Is Polar Conversion the Best Approach for This Double Integral Problem?

[CINA]

Homework Statement

http://img23.imageshack.us/img23/3118/intx.th.jpg

Homework Equations

I'm guessing polar conversion?

http://en.wikipedia.org/wiki/Polar_...rting_between_polar_and_Cartesian_coordinates

The Attempt at a Solution

I'm having trouble tackling this problem, on one hand Cartesian coordinates seem like a hassle, but turning this into a polar problem will give http://img269.imageshack.us/img269/8738/int2o.th.jpg right? This seems like an equally unpleasant integral, what with the cos^3 and all. Am I setting this problem up incorrectly? Can someone tell me the first few steps in doing this problem?

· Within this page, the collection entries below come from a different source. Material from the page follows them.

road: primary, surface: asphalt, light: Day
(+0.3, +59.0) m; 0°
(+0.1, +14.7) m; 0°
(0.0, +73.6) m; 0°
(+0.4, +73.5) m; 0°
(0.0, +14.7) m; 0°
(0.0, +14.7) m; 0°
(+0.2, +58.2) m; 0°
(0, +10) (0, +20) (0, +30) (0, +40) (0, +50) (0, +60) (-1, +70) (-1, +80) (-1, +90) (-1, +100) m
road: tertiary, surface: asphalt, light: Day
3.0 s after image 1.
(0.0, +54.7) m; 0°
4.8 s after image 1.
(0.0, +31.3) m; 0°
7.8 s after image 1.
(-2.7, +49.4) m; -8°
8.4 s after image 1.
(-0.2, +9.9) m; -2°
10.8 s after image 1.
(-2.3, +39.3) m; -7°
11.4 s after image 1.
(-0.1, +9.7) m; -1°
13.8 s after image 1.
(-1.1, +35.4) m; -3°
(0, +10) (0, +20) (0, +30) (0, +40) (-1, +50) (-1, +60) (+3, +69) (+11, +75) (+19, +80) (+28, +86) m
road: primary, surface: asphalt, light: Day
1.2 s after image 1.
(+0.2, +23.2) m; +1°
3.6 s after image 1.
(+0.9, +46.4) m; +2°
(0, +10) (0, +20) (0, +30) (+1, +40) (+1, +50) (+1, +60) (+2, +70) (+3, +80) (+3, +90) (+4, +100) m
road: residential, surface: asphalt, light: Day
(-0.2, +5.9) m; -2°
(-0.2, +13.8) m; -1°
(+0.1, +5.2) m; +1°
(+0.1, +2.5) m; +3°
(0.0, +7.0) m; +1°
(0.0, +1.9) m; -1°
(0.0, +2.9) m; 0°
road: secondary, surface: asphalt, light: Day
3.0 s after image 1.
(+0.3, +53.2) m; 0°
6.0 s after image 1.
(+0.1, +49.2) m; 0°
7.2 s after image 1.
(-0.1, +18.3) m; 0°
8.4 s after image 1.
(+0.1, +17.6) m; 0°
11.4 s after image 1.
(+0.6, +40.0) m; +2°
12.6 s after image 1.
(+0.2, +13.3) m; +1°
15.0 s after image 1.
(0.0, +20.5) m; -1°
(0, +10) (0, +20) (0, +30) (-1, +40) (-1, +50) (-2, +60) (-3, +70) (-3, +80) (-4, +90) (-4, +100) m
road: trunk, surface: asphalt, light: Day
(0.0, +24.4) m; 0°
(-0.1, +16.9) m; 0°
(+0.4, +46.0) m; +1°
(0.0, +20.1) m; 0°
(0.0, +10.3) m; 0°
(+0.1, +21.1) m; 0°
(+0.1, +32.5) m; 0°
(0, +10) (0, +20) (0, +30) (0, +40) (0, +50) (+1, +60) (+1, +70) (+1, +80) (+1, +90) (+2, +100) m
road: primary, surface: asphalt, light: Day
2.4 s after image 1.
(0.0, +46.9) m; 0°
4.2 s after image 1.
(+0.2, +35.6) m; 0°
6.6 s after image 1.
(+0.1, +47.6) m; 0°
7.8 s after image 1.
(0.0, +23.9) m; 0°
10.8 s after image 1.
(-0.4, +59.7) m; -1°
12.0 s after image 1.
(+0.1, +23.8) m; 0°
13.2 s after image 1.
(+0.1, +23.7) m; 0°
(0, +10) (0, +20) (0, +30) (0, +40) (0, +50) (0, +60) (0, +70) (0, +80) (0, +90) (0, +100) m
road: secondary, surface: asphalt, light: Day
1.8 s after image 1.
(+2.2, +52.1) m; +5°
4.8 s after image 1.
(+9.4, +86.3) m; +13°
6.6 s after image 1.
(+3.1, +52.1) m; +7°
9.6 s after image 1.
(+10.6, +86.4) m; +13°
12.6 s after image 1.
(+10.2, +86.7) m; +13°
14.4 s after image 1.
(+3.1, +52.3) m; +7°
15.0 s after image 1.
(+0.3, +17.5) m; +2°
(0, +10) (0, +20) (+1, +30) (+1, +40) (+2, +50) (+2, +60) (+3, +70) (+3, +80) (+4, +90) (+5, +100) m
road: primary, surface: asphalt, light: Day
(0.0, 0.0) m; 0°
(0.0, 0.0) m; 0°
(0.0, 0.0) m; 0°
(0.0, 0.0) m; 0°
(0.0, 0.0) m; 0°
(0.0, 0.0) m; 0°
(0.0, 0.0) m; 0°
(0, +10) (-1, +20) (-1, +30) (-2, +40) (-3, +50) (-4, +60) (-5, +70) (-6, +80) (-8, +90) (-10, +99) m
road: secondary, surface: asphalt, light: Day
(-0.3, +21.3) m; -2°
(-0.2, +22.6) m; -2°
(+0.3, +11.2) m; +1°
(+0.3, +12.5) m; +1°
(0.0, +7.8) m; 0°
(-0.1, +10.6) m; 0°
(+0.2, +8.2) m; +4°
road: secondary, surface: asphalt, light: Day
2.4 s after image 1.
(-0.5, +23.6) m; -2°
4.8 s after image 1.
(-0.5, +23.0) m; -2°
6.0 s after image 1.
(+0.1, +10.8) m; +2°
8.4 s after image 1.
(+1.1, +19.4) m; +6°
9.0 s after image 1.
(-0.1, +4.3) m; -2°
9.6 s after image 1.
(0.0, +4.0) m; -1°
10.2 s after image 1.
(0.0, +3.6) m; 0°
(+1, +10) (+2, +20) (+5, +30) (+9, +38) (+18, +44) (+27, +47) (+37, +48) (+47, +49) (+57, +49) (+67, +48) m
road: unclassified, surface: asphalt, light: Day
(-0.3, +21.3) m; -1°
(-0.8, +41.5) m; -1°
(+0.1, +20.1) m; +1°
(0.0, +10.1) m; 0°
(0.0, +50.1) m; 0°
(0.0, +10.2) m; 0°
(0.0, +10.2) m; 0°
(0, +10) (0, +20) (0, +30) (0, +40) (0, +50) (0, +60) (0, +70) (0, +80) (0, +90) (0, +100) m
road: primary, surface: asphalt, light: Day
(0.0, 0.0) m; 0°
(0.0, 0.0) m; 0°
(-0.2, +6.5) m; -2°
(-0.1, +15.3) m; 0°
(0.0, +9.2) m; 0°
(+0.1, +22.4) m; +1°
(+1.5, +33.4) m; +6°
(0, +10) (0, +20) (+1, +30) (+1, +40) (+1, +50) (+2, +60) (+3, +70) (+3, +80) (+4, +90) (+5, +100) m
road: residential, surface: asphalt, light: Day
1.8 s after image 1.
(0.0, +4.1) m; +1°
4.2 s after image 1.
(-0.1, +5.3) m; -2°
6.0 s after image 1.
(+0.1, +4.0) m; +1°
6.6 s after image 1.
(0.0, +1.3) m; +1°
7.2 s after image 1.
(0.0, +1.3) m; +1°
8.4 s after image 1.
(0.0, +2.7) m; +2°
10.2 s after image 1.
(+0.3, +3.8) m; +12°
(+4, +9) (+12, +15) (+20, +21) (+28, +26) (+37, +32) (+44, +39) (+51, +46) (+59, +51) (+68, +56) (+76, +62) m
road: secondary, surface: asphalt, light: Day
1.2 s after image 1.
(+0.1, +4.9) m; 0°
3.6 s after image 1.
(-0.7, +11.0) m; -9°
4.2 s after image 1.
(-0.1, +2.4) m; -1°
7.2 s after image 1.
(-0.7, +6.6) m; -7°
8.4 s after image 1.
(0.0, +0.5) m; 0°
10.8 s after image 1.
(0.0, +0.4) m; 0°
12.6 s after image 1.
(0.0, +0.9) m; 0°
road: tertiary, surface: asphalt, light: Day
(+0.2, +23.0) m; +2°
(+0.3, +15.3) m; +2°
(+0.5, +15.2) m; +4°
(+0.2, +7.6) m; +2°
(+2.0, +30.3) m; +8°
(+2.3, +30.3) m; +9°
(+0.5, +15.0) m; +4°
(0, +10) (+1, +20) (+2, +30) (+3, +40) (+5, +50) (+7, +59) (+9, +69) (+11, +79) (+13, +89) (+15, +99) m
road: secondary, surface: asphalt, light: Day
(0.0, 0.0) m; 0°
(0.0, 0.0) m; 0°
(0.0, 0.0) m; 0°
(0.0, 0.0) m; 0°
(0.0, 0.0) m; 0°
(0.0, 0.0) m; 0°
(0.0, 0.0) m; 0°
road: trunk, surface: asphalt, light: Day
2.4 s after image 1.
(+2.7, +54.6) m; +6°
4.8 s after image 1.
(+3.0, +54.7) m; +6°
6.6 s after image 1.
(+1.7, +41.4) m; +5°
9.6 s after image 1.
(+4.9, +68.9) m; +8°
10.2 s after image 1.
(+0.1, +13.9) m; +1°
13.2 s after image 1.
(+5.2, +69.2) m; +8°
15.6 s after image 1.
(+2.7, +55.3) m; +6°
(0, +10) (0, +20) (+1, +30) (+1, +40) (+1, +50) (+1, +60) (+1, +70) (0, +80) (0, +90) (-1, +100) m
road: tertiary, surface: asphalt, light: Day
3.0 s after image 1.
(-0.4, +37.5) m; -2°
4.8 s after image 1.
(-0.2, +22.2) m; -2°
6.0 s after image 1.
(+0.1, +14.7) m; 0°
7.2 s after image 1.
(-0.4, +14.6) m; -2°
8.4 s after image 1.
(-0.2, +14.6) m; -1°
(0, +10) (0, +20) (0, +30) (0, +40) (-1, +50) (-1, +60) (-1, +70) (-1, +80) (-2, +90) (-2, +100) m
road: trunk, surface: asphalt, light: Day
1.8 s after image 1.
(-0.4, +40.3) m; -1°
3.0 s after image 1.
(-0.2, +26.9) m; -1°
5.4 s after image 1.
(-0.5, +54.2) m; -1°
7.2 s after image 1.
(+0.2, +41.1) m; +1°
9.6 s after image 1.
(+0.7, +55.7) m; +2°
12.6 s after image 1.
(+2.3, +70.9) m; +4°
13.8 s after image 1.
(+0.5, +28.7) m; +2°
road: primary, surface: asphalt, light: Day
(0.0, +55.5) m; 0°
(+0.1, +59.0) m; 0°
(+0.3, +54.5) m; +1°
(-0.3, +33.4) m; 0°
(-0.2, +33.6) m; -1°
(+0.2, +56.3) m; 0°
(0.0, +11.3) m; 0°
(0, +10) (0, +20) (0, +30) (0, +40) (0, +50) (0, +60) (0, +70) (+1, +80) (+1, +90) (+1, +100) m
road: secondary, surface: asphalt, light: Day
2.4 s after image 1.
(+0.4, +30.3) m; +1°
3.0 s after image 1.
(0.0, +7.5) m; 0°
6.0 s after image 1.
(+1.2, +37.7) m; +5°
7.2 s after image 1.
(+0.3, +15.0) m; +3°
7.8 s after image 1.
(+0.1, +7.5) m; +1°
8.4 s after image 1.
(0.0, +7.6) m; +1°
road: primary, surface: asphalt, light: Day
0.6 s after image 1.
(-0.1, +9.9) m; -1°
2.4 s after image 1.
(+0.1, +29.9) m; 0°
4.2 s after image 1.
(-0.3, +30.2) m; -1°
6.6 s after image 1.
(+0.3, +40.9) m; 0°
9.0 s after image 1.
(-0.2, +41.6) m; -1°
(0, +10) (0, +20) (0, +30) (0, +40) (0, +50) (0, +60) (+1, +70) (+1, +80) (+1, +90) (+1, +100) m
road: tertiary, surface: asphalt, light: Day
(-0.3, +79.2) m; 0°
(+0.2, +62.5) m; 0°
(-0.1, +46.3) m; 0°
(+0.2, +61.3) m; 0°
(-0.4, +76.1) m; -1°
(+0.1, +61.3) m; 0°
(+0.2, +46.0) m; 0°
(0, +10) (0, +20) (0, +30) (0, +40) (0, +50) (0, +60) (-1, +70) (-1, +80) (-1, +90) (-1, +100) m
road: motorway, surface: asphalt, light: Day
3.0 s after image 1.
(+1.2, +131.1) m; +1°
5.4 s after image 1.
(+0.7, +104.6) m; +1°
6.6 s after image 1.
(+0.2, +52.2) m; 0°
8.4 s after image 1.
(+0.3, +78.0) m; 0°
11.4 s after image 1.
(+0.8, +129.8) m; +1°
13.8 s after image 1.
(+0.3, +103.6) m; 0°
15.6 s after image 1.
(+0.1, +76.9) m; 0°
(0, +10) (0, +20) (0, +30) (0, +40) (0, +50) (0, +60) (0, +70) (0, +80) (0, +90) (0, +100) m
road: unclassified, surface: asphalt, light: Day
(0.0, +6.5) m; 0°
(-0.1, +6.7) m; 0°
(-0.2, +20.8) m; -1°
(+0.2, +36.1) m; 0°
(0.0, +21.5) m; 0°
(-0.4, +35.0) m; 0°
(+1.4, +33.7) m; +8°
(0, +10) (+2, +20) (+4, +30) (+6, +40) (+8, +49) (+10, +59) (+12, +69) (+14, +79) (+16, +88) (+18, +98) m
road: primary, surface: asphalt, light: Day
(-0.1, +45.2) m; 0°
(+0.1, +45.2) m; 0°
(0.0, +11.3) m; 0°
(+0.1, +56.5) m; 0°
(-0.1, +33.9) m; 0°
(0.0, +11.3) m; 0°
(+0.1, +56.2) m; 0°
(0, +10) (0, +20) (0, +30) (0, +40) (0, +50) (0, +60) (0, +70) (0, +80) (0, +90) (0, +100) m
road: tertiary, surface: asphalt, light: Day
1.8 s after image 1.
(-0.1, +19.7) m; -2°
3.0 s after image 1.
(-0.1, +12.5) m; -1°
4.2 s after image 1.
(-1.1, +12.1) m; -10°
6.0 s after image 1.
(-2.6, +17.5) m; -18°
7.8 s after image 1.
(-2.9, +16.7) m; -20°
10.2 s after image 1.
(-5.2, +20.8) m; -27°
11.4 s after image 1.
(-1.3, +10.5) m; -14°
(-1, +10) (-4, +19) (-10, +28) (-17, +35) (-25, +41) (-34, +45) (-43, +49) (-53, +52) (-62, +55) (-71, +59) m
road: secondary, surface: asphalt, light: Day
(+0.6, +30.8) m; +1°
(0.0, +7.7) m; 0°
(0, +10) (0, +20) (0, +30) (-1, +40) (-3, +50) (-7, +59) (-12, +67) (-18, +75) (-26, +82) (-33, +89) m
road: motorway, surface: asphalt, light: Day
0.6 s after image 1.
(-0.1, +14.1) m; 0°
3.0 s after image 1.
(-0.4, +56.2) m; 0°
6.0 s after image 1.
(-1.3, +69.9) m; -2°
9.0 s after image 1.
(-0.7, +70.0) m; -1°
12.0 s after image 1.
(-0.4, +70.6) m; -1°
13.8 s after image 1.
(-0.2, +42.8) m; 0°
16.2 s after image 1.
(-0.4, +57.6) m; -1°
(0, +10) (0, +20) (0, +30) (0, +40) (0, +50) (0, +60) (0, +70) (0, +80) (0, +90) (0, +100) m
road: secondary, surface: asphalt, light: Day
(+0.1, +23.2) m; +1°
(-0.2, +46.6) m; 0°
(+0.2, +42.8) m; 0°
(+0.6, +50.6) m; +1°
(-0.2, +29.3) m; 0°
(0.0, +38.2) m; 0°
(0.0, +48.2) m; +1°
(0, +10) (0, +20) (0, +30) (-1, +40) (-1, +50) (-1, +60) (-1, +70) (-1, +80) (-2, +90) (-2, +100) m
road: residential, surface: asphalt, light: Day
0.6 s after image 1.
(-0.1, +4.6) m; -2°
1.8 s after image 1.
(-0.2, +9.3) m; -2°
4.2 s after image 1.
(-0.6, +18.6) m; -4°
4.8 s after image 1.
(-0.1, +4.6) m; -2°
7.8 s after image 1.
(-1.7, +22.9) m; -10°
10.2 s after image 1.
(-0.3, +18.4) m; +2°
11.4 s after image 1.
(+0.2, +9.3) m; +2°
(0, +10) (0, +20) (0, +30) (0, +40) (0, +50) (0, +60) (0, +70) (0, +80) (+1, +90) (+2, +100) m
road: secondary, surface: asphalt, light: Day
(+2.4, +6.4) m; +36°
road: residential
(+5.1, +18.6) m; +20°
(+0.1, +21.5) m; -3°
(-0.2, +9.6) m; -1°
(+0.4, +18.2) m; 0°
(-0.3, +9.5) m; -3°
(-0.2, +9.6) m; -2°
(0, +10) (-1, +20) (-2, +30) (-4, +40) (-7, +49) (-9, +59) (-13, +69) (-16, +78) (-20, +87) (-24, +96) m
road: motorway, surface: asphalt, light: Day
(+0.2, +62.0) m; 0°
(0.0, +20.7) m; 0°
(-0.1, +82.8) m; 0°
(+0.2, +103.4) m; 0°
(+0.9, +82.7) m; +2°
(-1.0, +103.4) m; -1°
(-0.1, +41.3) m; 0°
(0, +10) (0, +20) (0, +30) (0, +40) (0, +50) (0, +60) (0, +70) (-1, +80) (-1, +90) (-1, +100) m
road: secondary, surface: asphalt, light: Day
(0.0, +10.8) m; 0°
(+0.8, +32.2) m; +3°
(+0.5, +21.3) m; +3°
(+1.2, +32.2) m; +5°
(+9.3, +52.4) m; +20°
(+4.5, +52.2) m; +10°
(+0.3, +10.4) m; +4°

I'm fine understanding the problem which the integral applies, just the mechanics on it is getting me.

 

[Hootenanny]

Why are you bothering with polar coordinates? I think that this problem is simpler than you're making out

$$I = \int_{-1}^1dz\int_{-\sqrt{1-z^2}}^{\sqrt{1-z^2}} \left(1-2x^3\right) dx = \int_{-1}^1 dz \left[x-\frac{1}{2}x^4\right]_{-\sqrt{1-z^2}}^\sqrt{1-z^2}$$

$$I = \int_{-1}^1dz\left(2\sqrt{1-z^2} - \frac{1}{2}\left(1-z^2}\right)^2 + \frac{1}{2}\left(1-z^2}\right)^2\right)$$

$$I = \int_{-1}^1dz\left(2\sqrt{1-z^2}\right)$$

 

[CINA]

Why are you bothering with polar coordinates? I think that this problem is simpler than you're making out

$$I = \int_{-1}^1dz\int_{-\sqrt{1-z^2}}^{\sqrt{1-z^2}} \left(1-2x^3\right) dx = \int_{-1}^1 dz \left[x-\frac{1}{2}x^4\right]_{-\sqrt{1-z^2}}^\sqrt{1-z^2}$$

$$I = \int_{-1}^1dz\left(2\sqrt{1-z^2} - \frac{1}{2}\left(1-z^2}\right)^2 + \frac{1}{2}\left(1-z^2}\right)^2\right)$$

$$I = \int_{-1}^1dz\left(2\sqrt{1-z^2}\right)$$

Doh! That was a lot easier than I thought it was(!), that's the perils of late-night mathematics I suppose. Thanks a lot! You've saved me many needlessly lost hairs.

 

[Hootenanny]

Doh! That was a lot easier than I thought it was(!), that's the perils of late-night mathematics I suppose. Thanks a lot! You've saved me many needlessly lost hairs.

Not a problem.

A handy rule to remember is that if you integrate an odd function (such as x³) over a symmetric interval about the origin (as we have here), the result is always zero.